About the Book
Before isms, ologies, and otics. Before the Chicago Bauhaus, Yale, RISD, Cranbrook, CalArts, and the School of Visual Arts, the correspondence school was the leading academy of what we now call graphic design. When advertising became a viable industry in America at the turn of the century, commercial artists including illustrators, boardmen, and letterers were in great demand. Advertisements for home schooling offered aspirants a chance to earn $65, $8, and more a week in a pleasant, profitable art career.
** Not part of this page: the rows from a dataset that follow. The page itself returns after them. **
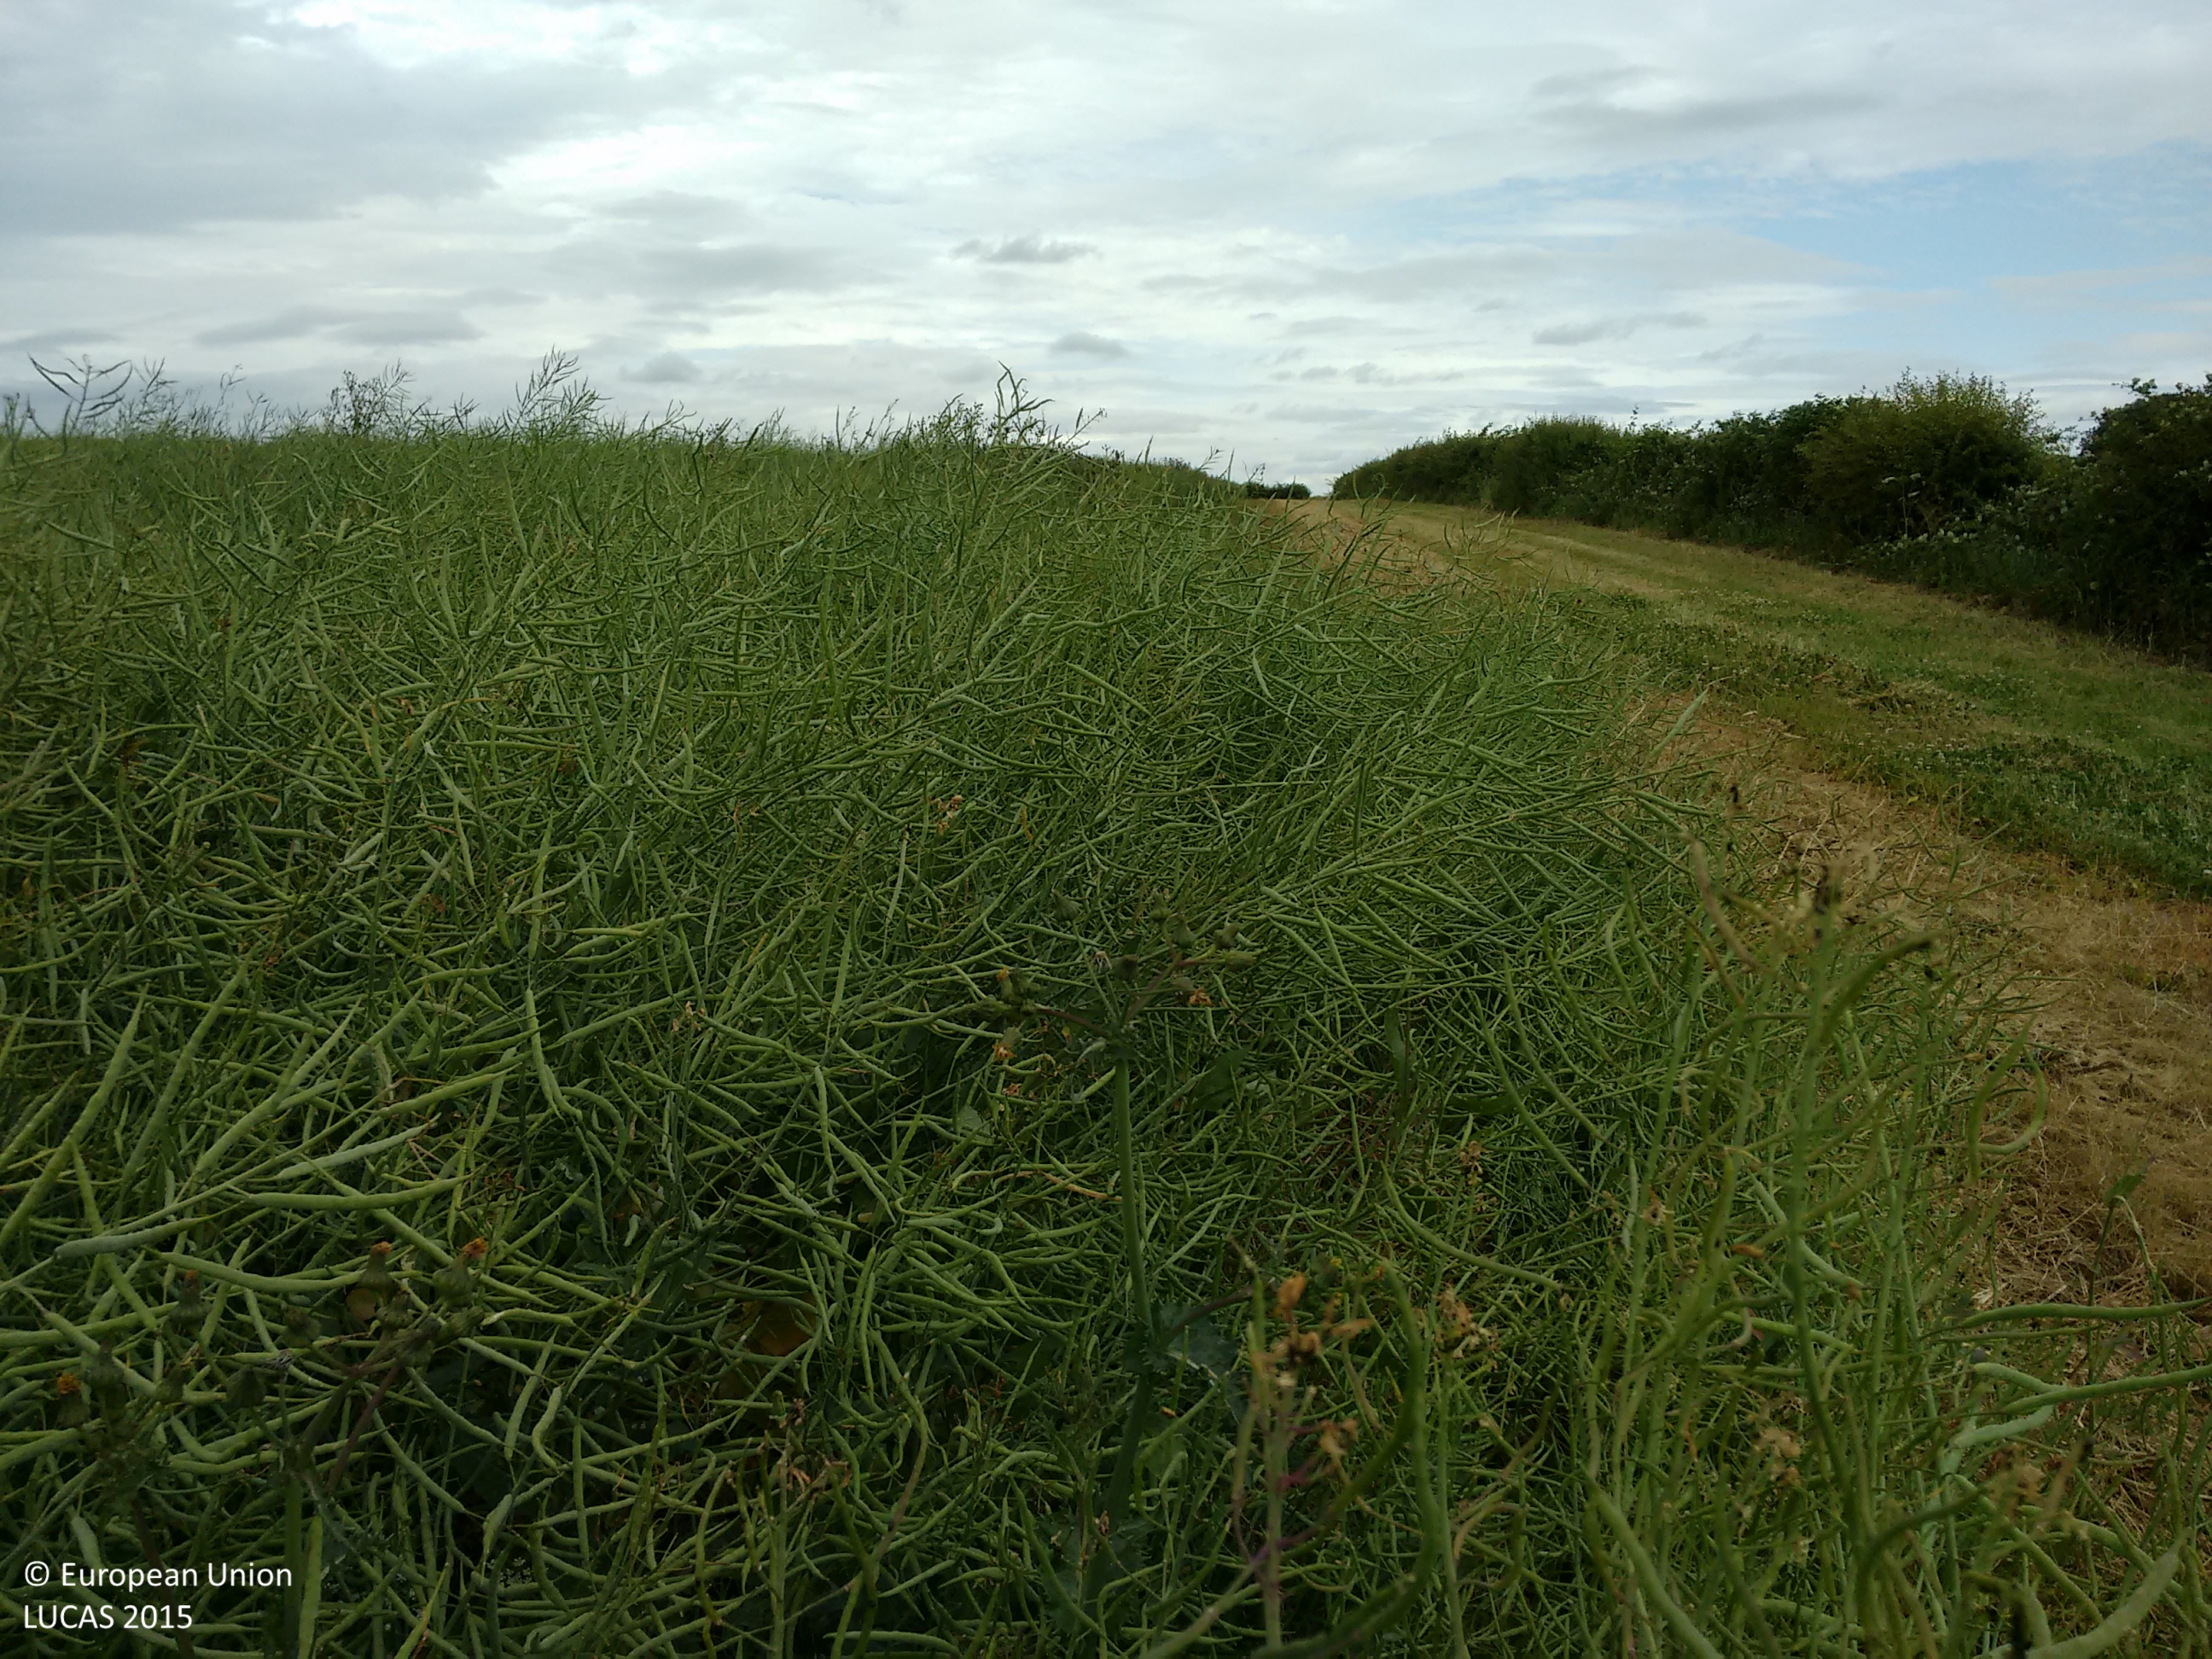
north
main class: Cropland
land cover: Rape and turnip rape
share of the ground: > 75 %
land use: Agriculture (excluding fallow land and kitchen gardens)
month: July
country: GB
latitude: 51.8082
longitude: -1.5828
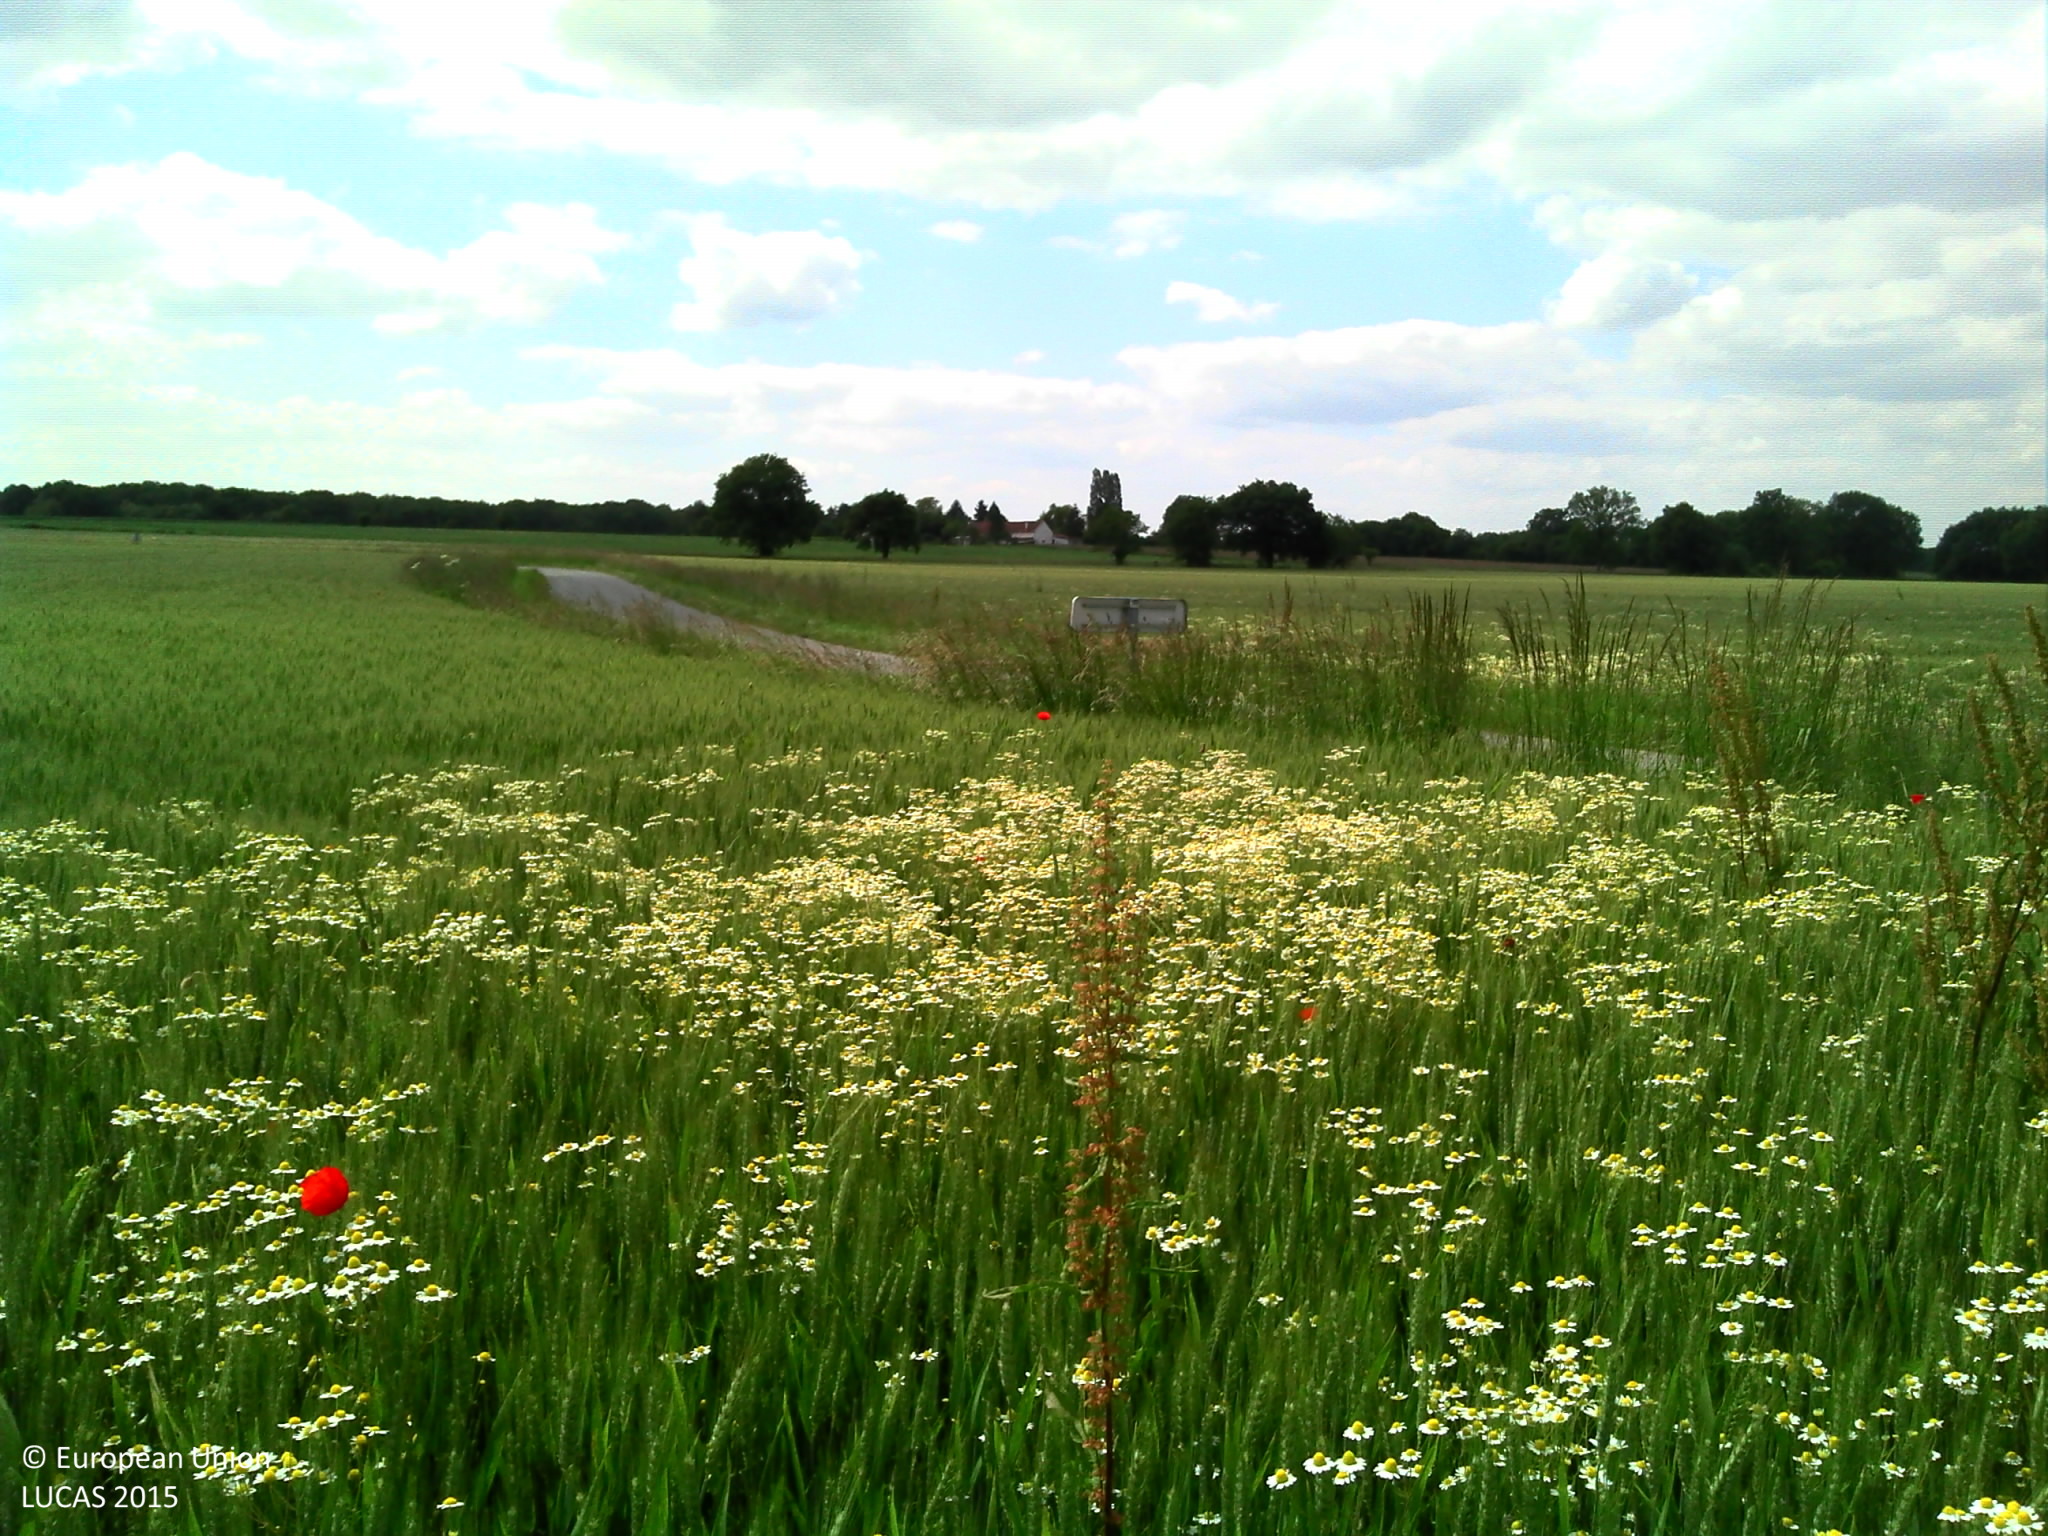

And while these ads shared space in pulp magazines and comic books with schemes to learn dentistry and brain surgery, they nonetheless provided a legitimate way for anyone with a modicum of talent to learn a new profession in their spare time.—From the introduction by Steven Heller
This compelling collection of essays, interviews, and course syllabi examines how changing professional standards in graphic design have revolutionized the way design is taught, learned, and practiced. Forty-two top designers and educators talk theory, offer proposals, and discuss a wide range of educational concerns, from the dichotomies between theory and practice to the importance of mastering the traditional media of the field versus the need to learn new media and remain flexible in a changing world. Included are twenty-six essays; interviews in which such notables as Milton Glaser, April Greiman, Louis Danziger, and Sheila de Bretteville uncover how they acquired their knowledge of design and translated it into their careers; and a diverse and stimulating selection of course syllabi designed for the increasingly specialized needs of both undergraduate and graduate students.
Contributors: Roy R. Behrens, Andrew Blauvelt, Max Bruinsma, Jay Chapman, Moira Cullen, Paula J. Curran, Louis Danziger, Meredith Davis, Sheila de Bretteville, Johanna Drucker, Lisa Fontaine, Geoffry Fried, Milton Glaser, Michael Golec, April Greiman, Sylvia Harris, Lorraine Justice, Jeffery Keedy, Julie Lasky, Christopher Lenk, Ellen Lupton, Victor Margolin, Katherine McCoy, Ellen McMahon, J. Abbott Miller, Sharyn OMara, Rick Poynor, Chris Pullman, Michael Rock, Katie Salen, Douglass Scott, Stephen Skaggs, Virginia Smith, Deborah Sussman, Gunnar Swanson, Ellen Mazur Thomson, Michael Vanderbyl, Karen White, Lorraine Wild, Richard Wilde, Judith Wilde, and Michael Worthington. About the Author
Steven Heller is editor of the AIGA Journal of Graphic Design and the chair of the MFA design department at the School of Visual Arts. He is the author or editor of more than seventy books on graphic design, and he is a contributor or contributing editor to nearly 25 magazines, including Print, U&lc, Eye Magazine, Communications Arts, ID magazine, Graphis, Design Issues, and Mother Jones. Since 1986 he has been senior art director of the New York Times, which he first joined as an art director in 1974. From 1967-1973, he served as art director for numerous publications, including Interview magazine, The New York Free Press, Rock Magazine, Screw magazine, Mobster Times, Evergreen Review, and the Irish Arts Center.
He was awarded three design grants from the National Endowment for the Arts, in 1986,1988, and 1990. In 1996, he received a Special Educators Award from The Art Directors Club of New York. He has been the curator of ten design exhibitions, including The Art of Satire at the Pratt Graphics Center and Art Against War at the Parsons School of Design. Since 1986, he has directed Modernism & Eclecticism: A History of American Graphic Design, an annual symposium at the School of Visual Arts. He lives in New York.